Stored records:
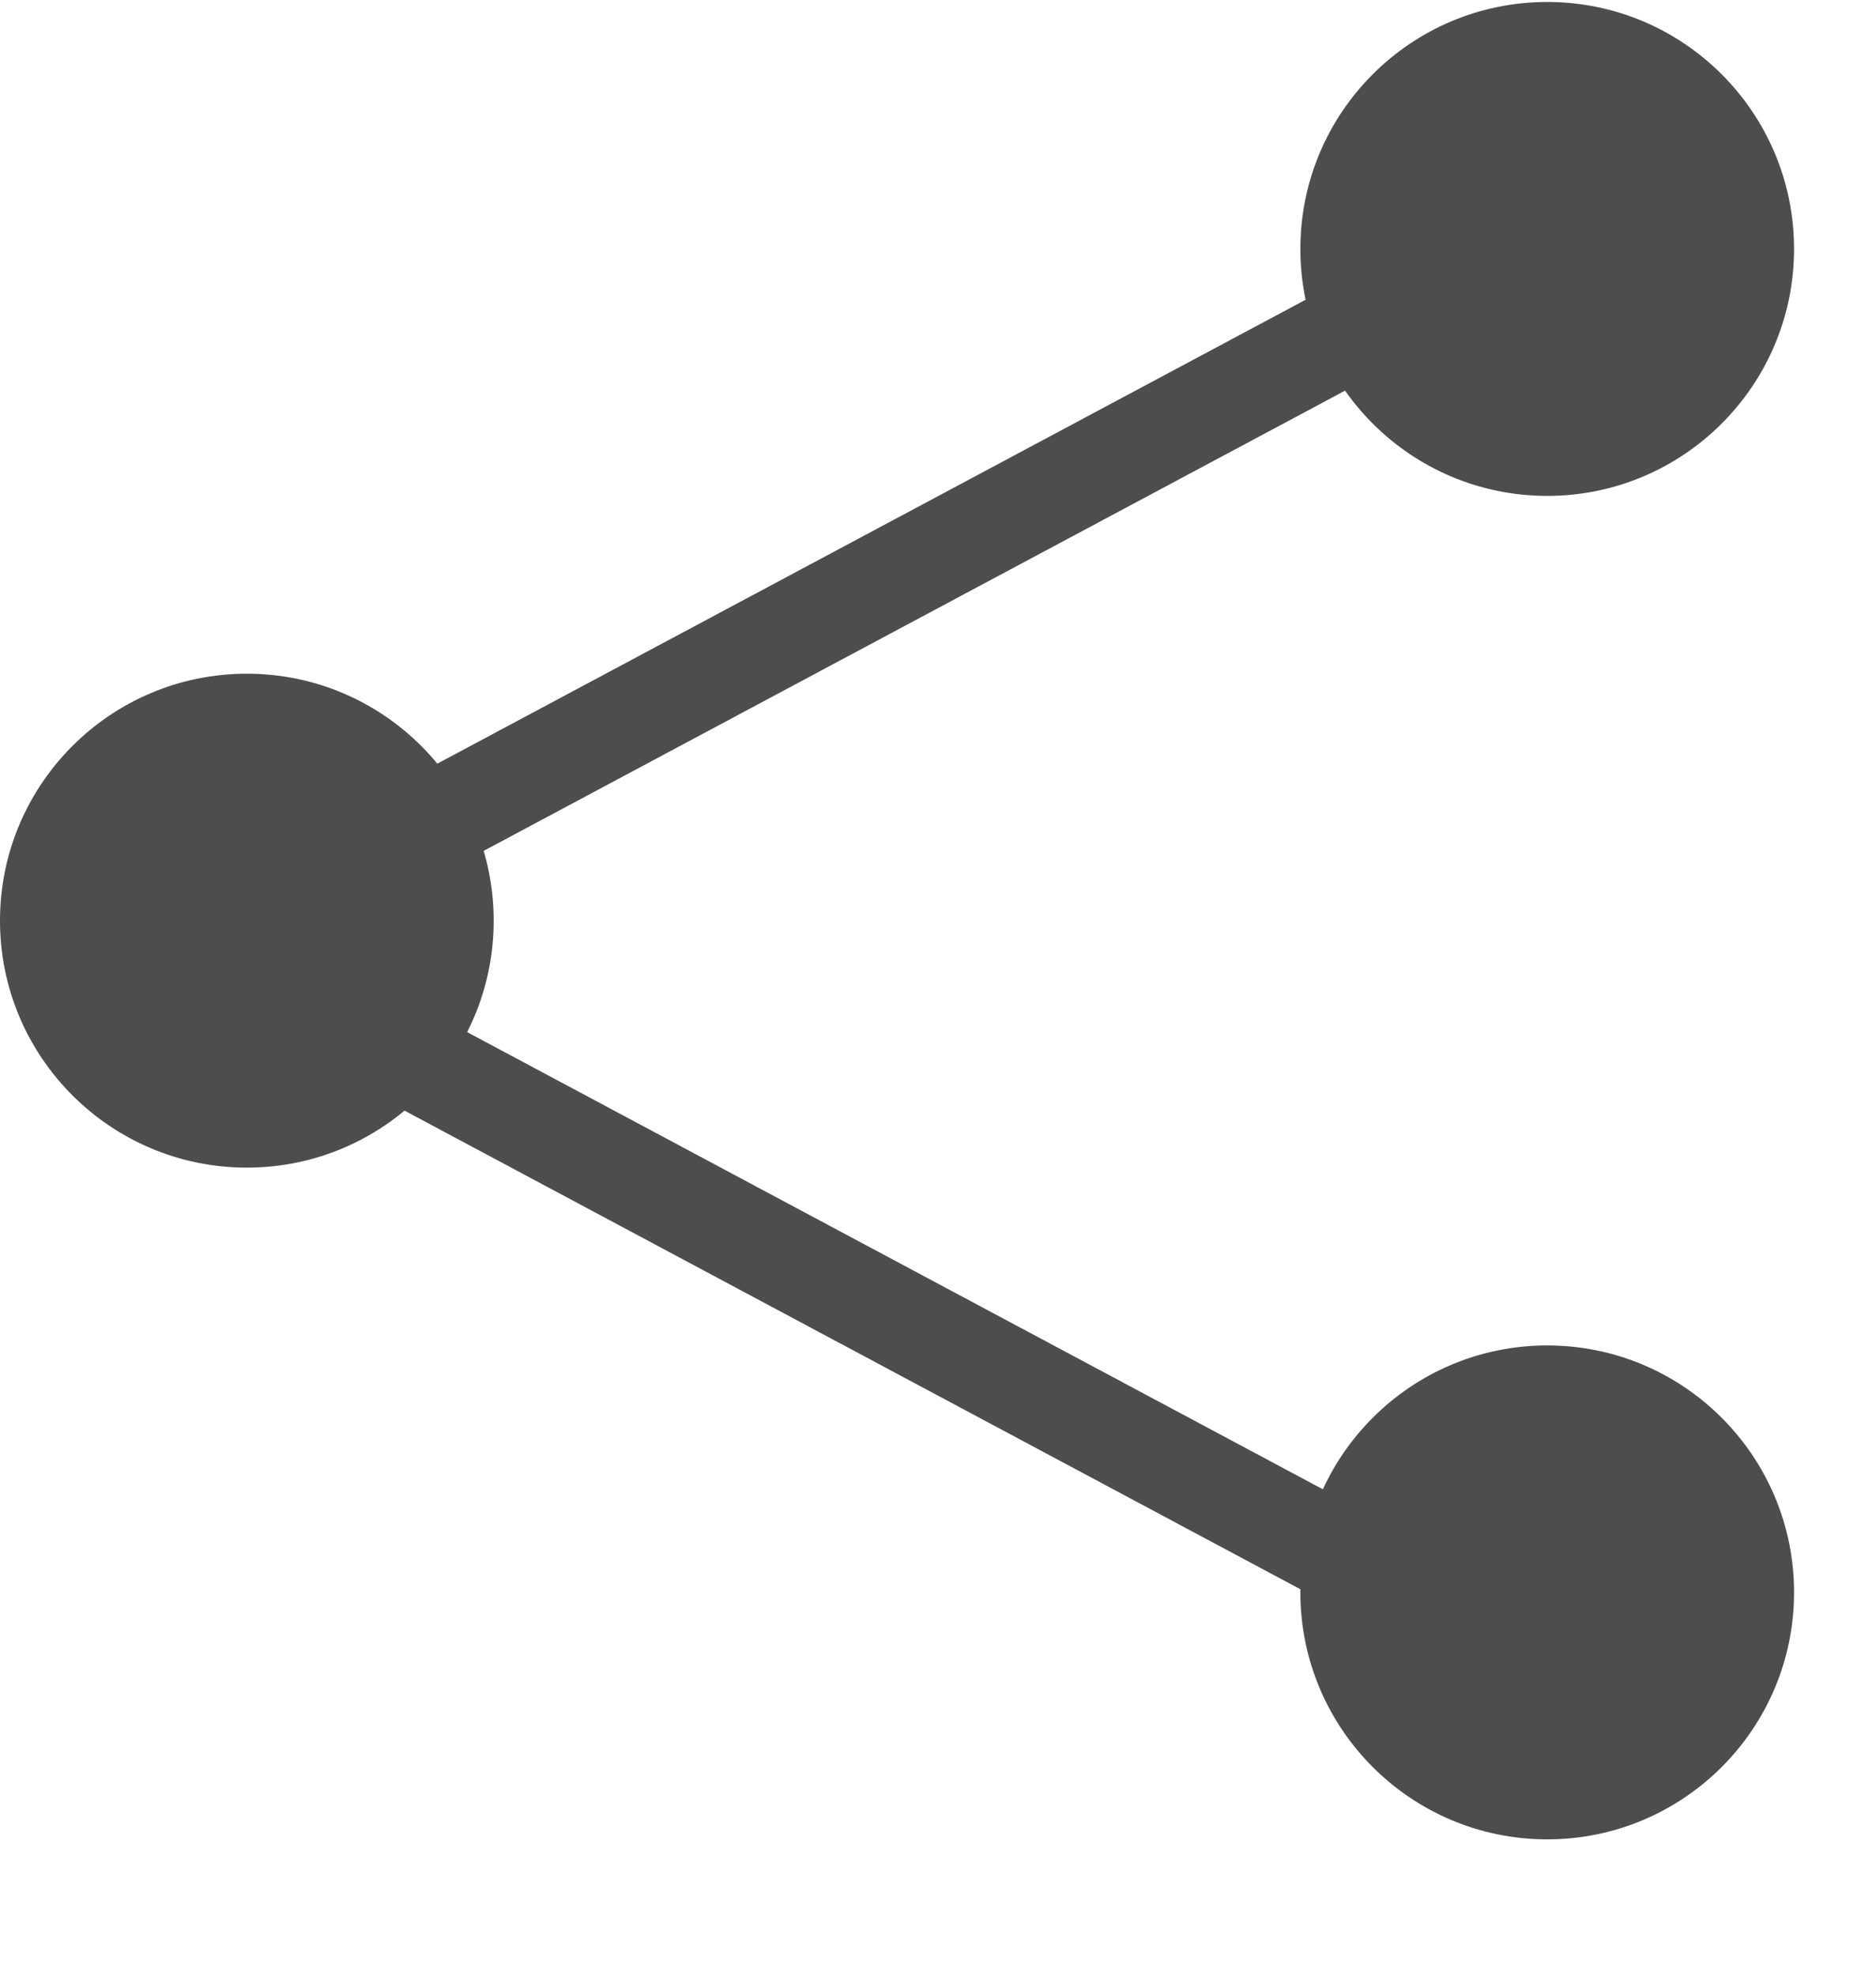 <?xml version="1.0" encoding="UTF-8" standalone="no"?>
<!DOCTYPE svg PUBLIC "-//W3C//DTD SVG 1.1//EN" "http://www.w3.org/Graphics/SVG/1.1/DTD/svg11.dtd">
<svg width="100%" height="100%" viewBox="0 0 19 20" version="1.1" xmlns="http://www.w3.org/2000/svg" xmlns:xlink="http://www.w3.org/1999/xlink" xml:space="preserve" xmlns:serif="http://www.serif.com/" style="fill-rule:evenodd;clip-rule:evenodd;">
    <g transform="matrix(1,0,0,1,-1017.83,-18695.1)">
        <g transform="matrix(1,0,0,1,0,16875)">
            <g transform="matrix(1,0,0,1,1020.33,1826.92)">
                <path d="M0,5C1.381,5 2.5,3.879 2.5,2.5C2.5,1.121 1.381,0 0,0C-1.381,0 -2.5,1.121 -2.5,2.5C-2.5,3.879 -1.381,5 0,5" style="fill:rgb(77,77,77);fill-rule:nonzero;"/>
            </g>
        </g>
        <g transform="matrix(1,0,0,1,0,16875)">
            <g transform="matrix(1,0,0,1,1033.5,1820.12)">
                <path d="M0,5C1.381,5 2.5,3.879 2.5,2.5C2.5,1.121 1.381,0 0,0C-1.381,0 -2.5,1.121 -2.5,2.5C-2.5,3.879 -1.381,5 0,5" style="fill:rgb(77,77,77);fill-rule:nonzero;"/>
            </g>
        </g>
        <g transform="matrix(1,0,0,1,0,16875)">
            <g transform="matrix(1,0,0,1,1033.5,1833.72)">
                <path d="M0,5C1.381,5 2.5,3.879 2.5,2.5C2.5,1.121 1.381,0 0,0C-1.381,0 -2.5,1.121 -2.5,2.5C-2.5,3.879 -1.381,5 0,5" style="fill:rgb(77,77,77);fill-rule:nonzero;"/>
            </g>
        </g>
        <g transform="matrix(1,0,0,1,0,16875)">
            <g transform="matrix(0.882,-0.471,-0.471,-0.882,1022.69,1832.02)">
                <path d="M-0.851,3.399L13.569,3.399" style="fill:none;fill-rule:nonzero;stroke:rgb(77,77,77);stroke-width:1px;"/>
            </g>
        </g>
        <g transform="matrix(1,0,0,1,0,16875)">
            <g transform="matrix(0.882,0.471,0.471,-0.882,1023.4,1827.71)">
                <path d="M-0.851,-3.399L13.569,-3.399" style="fill:none;fill-rule:nonzero;stroke:rgb(77,77,77);stroke-width:1px;"/>
            </g>
        </g>
    </g>
</svg>

### [Goal of the exercise]
Without the pictures, print the records in full, exactly as they appear.

### [Response to this exercise]
 <?xml version="1.0" encoding="UTF-8" standalone="no"?>
<!DOCTYPE svg PUBLIC "-//W3C//DTD SVG 1.1//EN" "http://www.w3.org/Graphics/SVG/1.1/DTD/svg11.dtd">
<svg width="100%" height="100%" viewBox="0 0 19 20" version="1.1" xmlns="http://www.w3.org/2000/svg" xmlns:xlink="http://www.w3.org/1999/xlink" xml:space="preserve" xmlns:serif="http://www.serif.com/" style="fill-rule:evenodd;clip-rule:evenodd;">
    <g transform="matrix(1,0,0,1,-1017.83,-18695.1)">
        <g transform="matrix(1,0,0,1,0,16875)">
            <g transform="matrix(1,0,0,1,1020.33,1826.92)">
                <path d="M0,5C1.381,5 2.5,3.879 2.5,2.5C2.5,1.121 1.381,0 0,0C-1.381,0 -2.5,1.121 -2.5,2.5C-2.5,3.879 -1.381,5 0,5" style="fill:rgb(77,77,77);fill-rule:nonzero;"/>
            </g>
        </g>
        <g transform="matrix(1,0,0,1,0,16875)">
            <g transform="matrix(1,0,0,1,1033.5,1820.12)">
                <path d="M0,5C1.381,5 2.5,3.879 2.5,2.5C2.5,1.121 1.381,0 0,0C-1.381,0 -2.5,1.121 -2.5,2.5C-2.5,3.879 -1.381,5 0,5" style="fill:rgb(77,77,77);fill-rule:nonzero;"/>
            </g>
        </g>
        <g transform="matrix(1,0,0,1,0,16875)">
            <g transform="matrix(1,0,0,1,1033.5,1833.72)">
                <path d="M0,5C1.381,5 2.5,3.879 2.5,2.5C2.5,1.121 1.381,0 0,0C-1.381,0 -2.5,1.121 -2.5,2.5C-2.5,3.879 -1.381,5 0,5" style="fill:rgb(77,77,77);fill-rule:nonzero;"/>
            </g>
        </g>
        <g transform="matrix(1,0,0,1,0,16875)">
            <g transform="matrix(0.882,-0.471,-0.471,-0.882,1022.69,1832.02)">
                <path d="M-0.851,3.399L13.569,3.399" style="fill:none;fill-rule:nonzero;stroke:rgb(77,77,77);stroke-width:1px;"/>
            </g>
        </g>
        <g transform="matrix(1,0,0,1,0,16875)">
            <g transform="matrix(0.882,0.471,0.471,-0.882,1023.4,1827.71)">
                <path d="M-0.851,-3.399L13.569,-3.399" style="fill:none;fill-rule:nonzero;stroke:rgb(77,77,77);stroke-width:1px;"/>
            </g>
        </g>
    </g>
</svg>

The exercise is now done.